Ernst isn’t endorsing Senator Kirsten Gillibrand’s bill, her staff says, which would refer all sexual harassment cases to the Judge Advocates General Corps, but she pledged to work “with Senator Gillibrand and other Senate leaders in seeking bipartisan support for new legislation.” Ernst would refer all reports to an independent investigator outside of the chain of command and if criminal charges are warranted, then those cases would be referred to “an independent, experience prosecutor.”

Taking the process outside the chain of the command was opposed by the Pentagon and, ultimately, the Gillibrand bill came five votes short of a breaking a filibuster in March. Gillibrand has vowed to bring the bill up again next session. Ernst’s vote would not get her one vote closer as Senator Tom Harkin, the Iowa Democrat Ernst is vying to replace, voted for the measure. Eleven Republicans also voted for the measure, though the majority of the conference opposed it.

Rep. Bruce Braley, Ernst’s Democratic opponent, currently has a television ad up in Iowa about legislation he sponsored strengthening protections for victims of sexual assault and domestic violence in the military. The bill is called the Holley Lynn James Act, for a woman in the military killed by her husband. In the ad James’s father thanks Braley for his strong support of women in the military. Braley also endorsed Gillibrand’s bill early on. “Those who oppose these reforms are on the wrong side of history and I’m going to do everything I can to support reforms that address this crisis,” Braley said when the bill failed the Senate.

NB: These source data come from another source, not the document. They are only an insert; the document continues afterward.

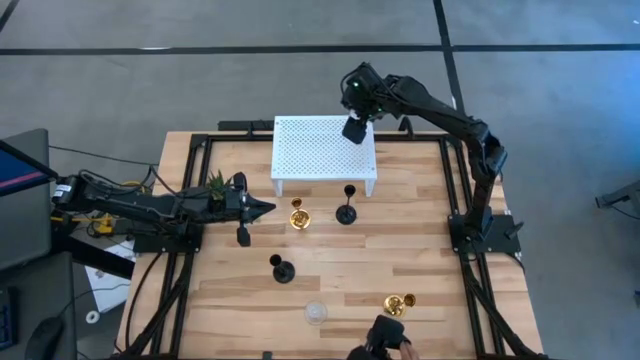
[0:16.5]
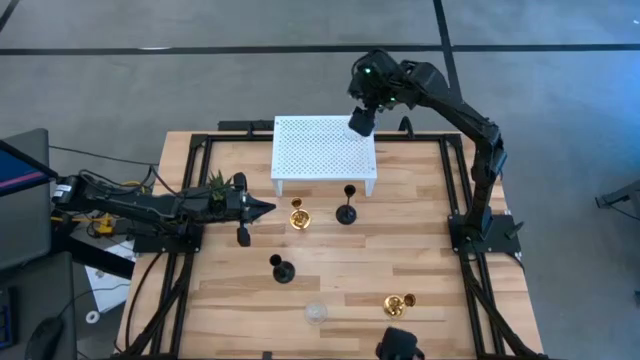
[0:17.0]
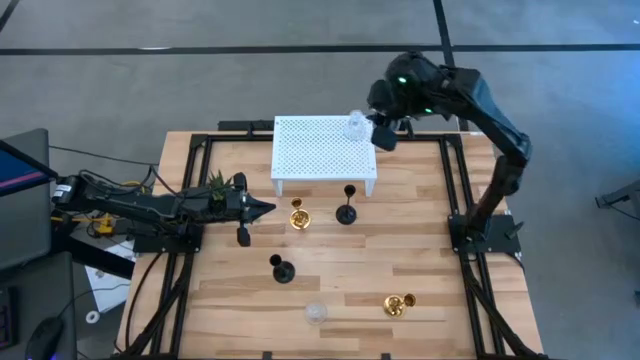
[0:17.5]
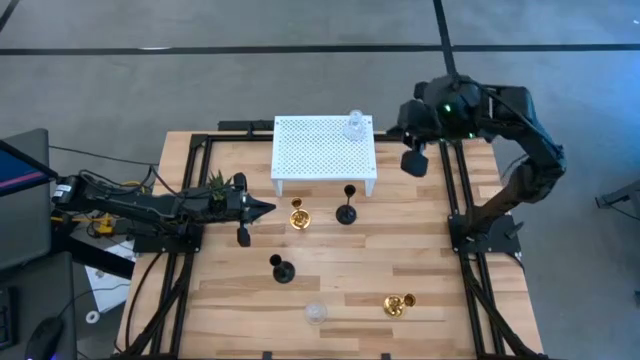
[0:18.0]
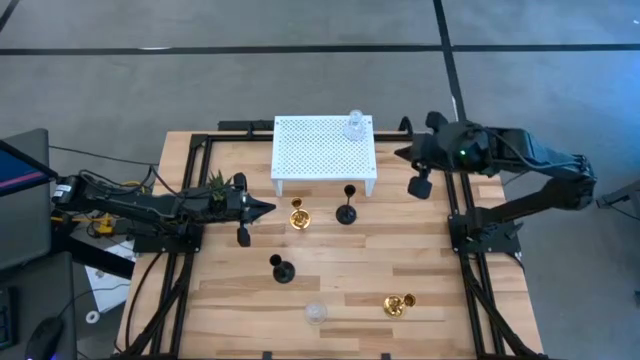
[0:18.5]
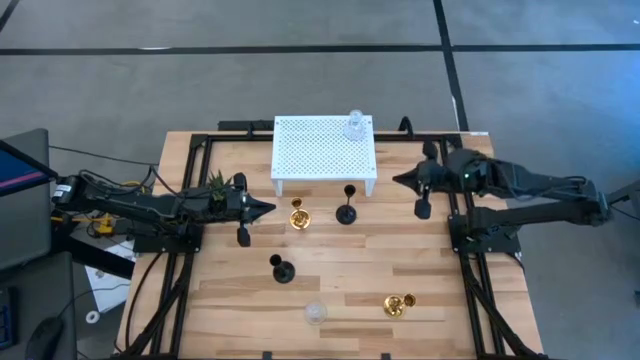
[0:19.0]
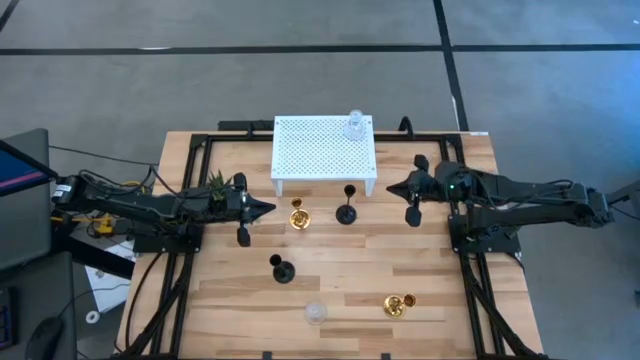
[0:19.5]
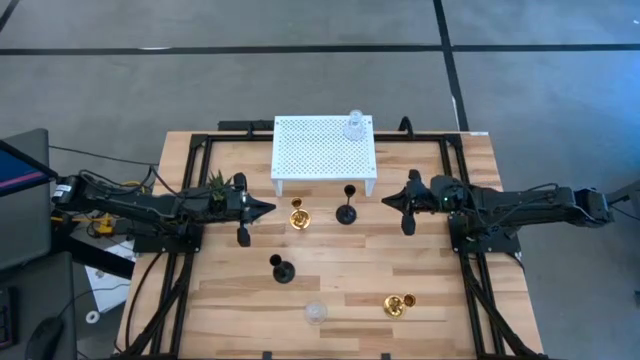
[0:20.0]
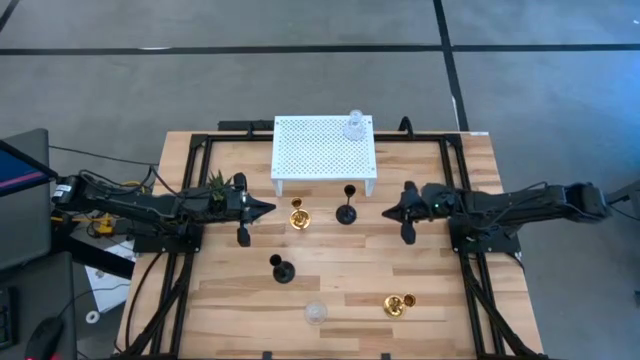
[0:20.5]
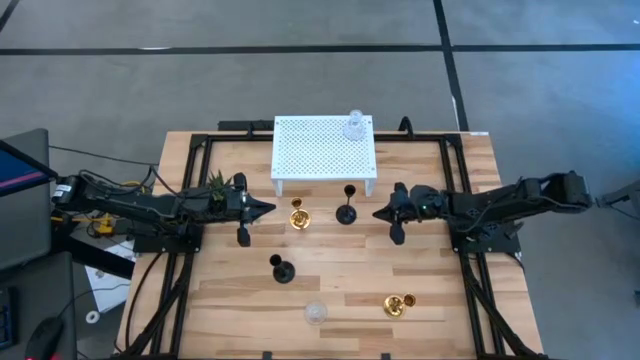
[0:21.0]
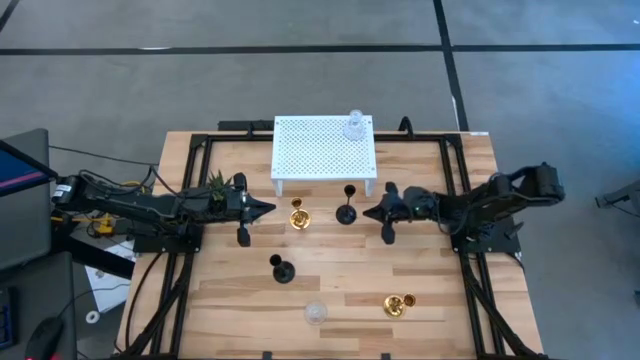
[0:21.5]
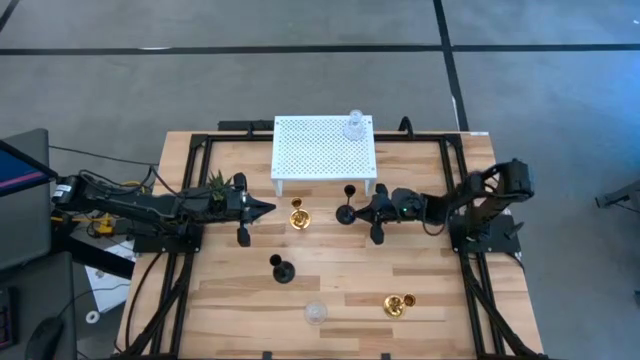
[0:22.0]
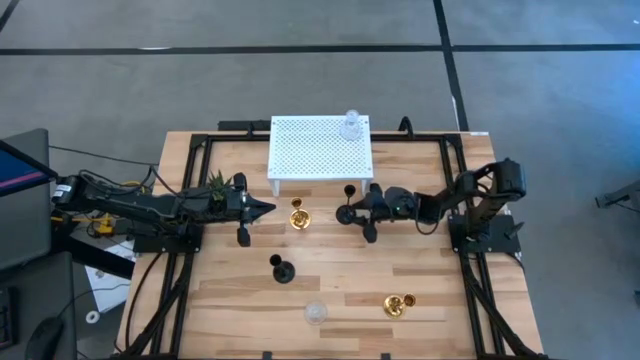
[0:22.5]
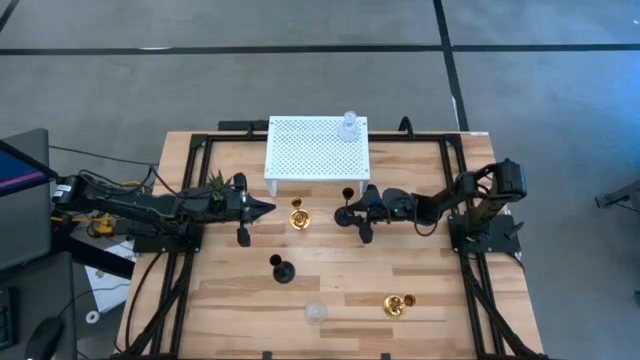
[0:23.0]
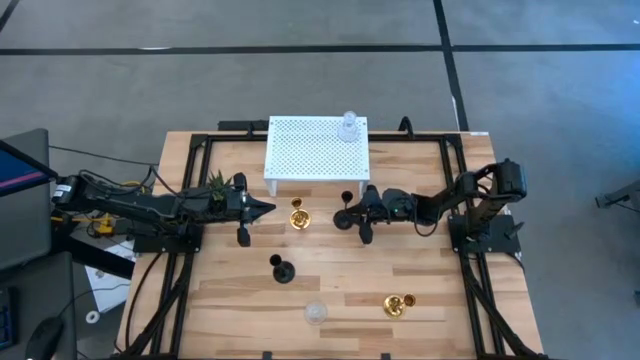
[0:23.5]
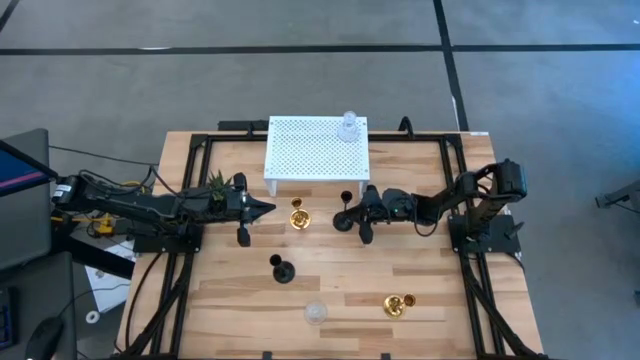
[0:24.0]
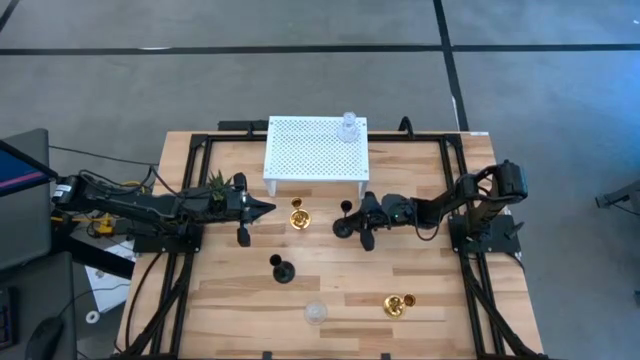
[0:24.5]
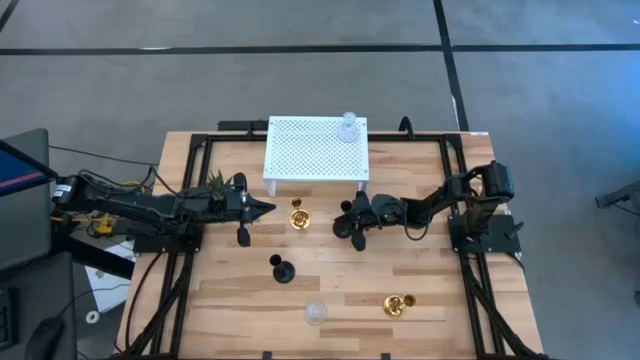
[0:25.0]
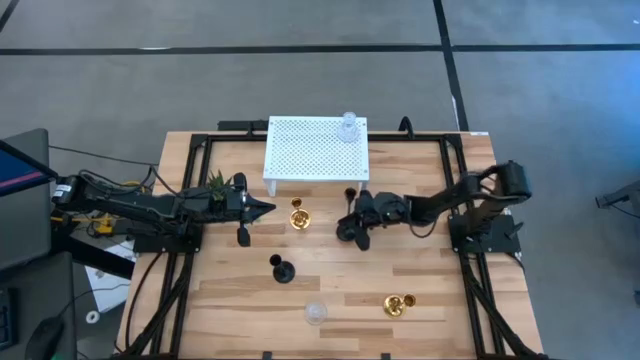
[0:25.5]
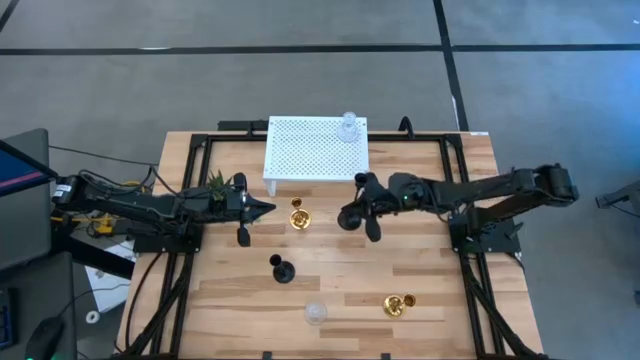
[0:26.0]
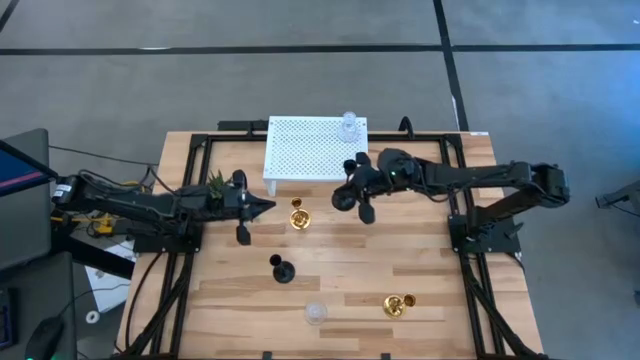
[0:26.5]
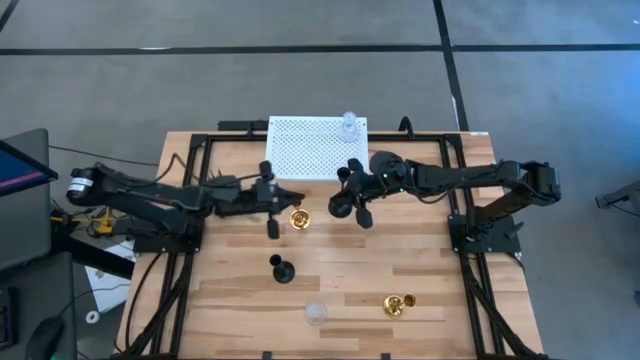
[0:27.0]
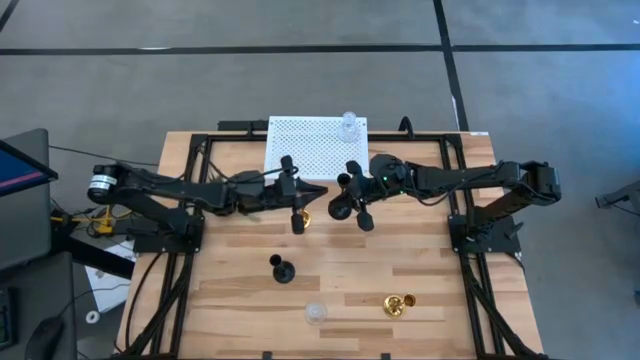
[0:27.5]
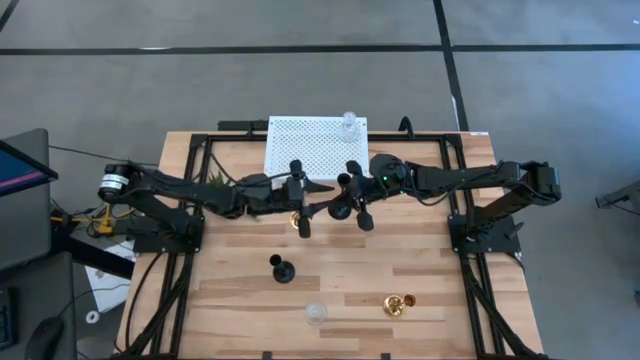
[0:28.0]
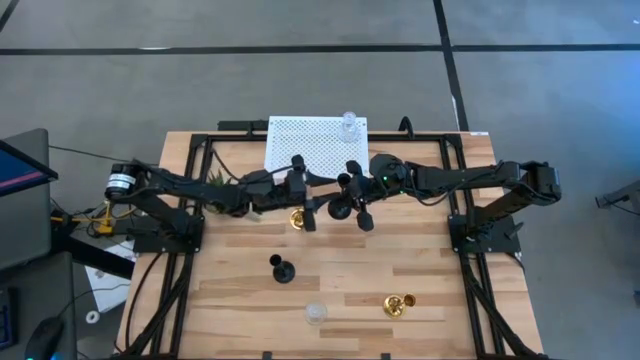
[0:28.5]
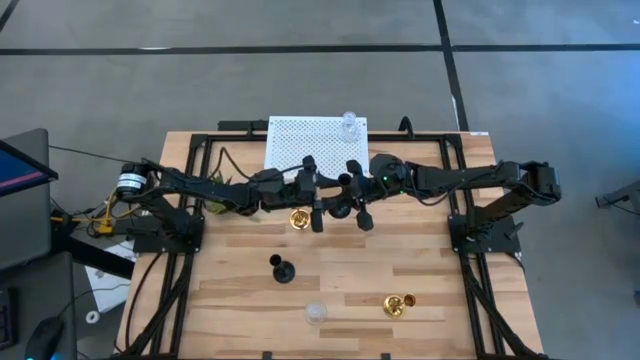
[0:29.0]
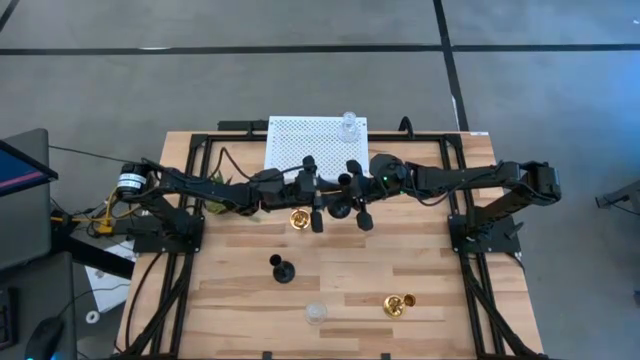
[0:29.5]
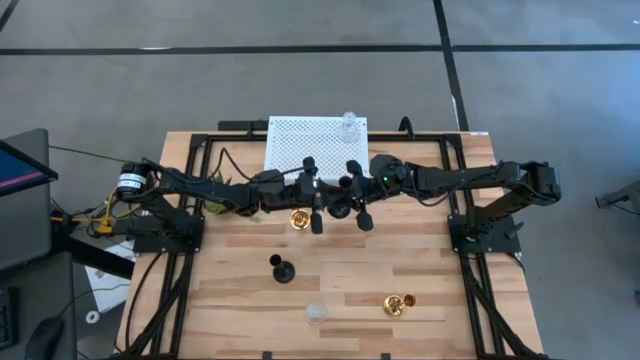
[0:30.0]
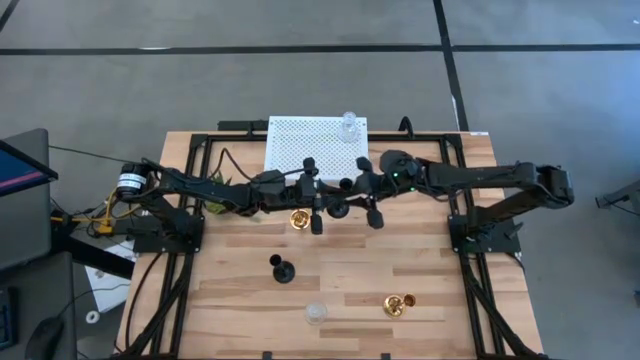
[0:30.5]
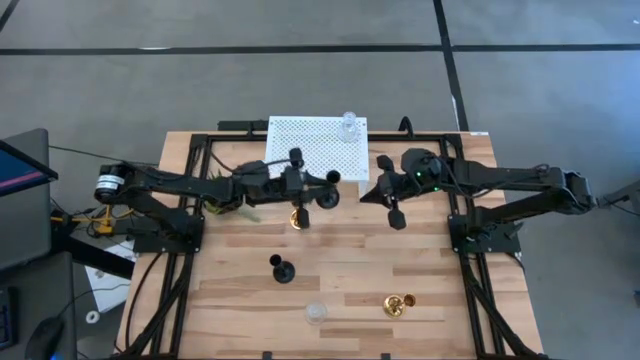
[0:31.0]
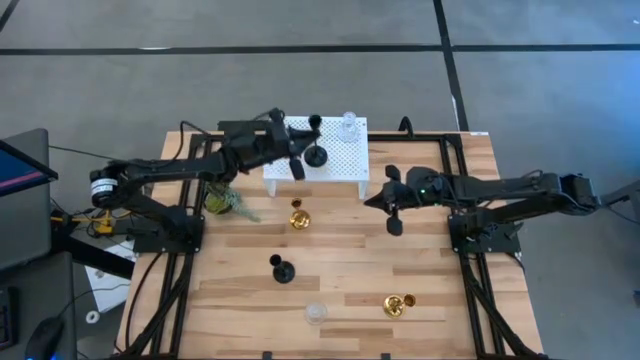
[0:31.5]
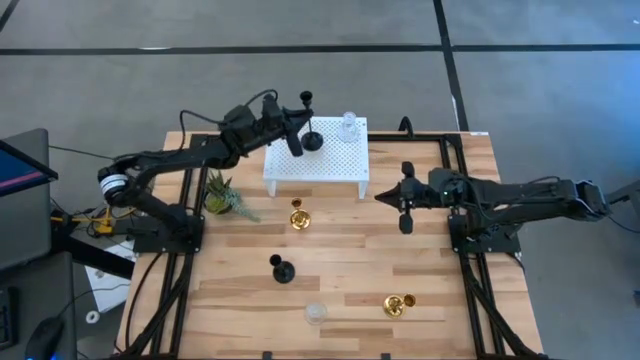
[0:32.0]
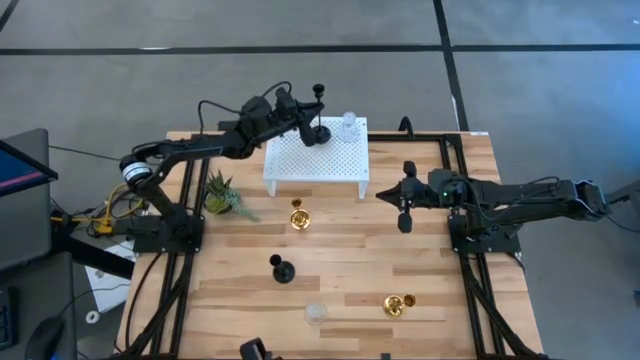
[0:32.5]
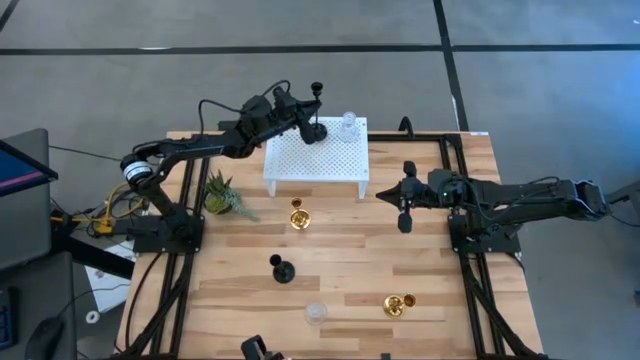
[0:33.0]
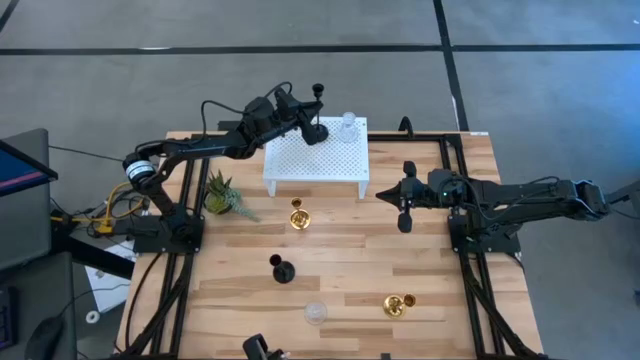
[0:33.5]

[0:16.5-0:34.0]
Task: Pick & Place candle stick holders
Put the top black metal candle stand on the shelf

Sexual assault in the military is reaching epidemic proportions, discouraging many women from enlisting, though both men and women are victims of such crimes. In 2012, of the 26,000 cases of unwanted sexual contact in the military only 3,000 were reported and only 400 went to trial. After the Senate tightened some of those rules, thanks to the efforts of Gillibrand and other female senators who pushed the issue, in 2013 more than 5,000 cases were reported and nearly 500 went to trial. There are more than 200,000 women serving in the armed forces, making up less than 15% of those in uniform.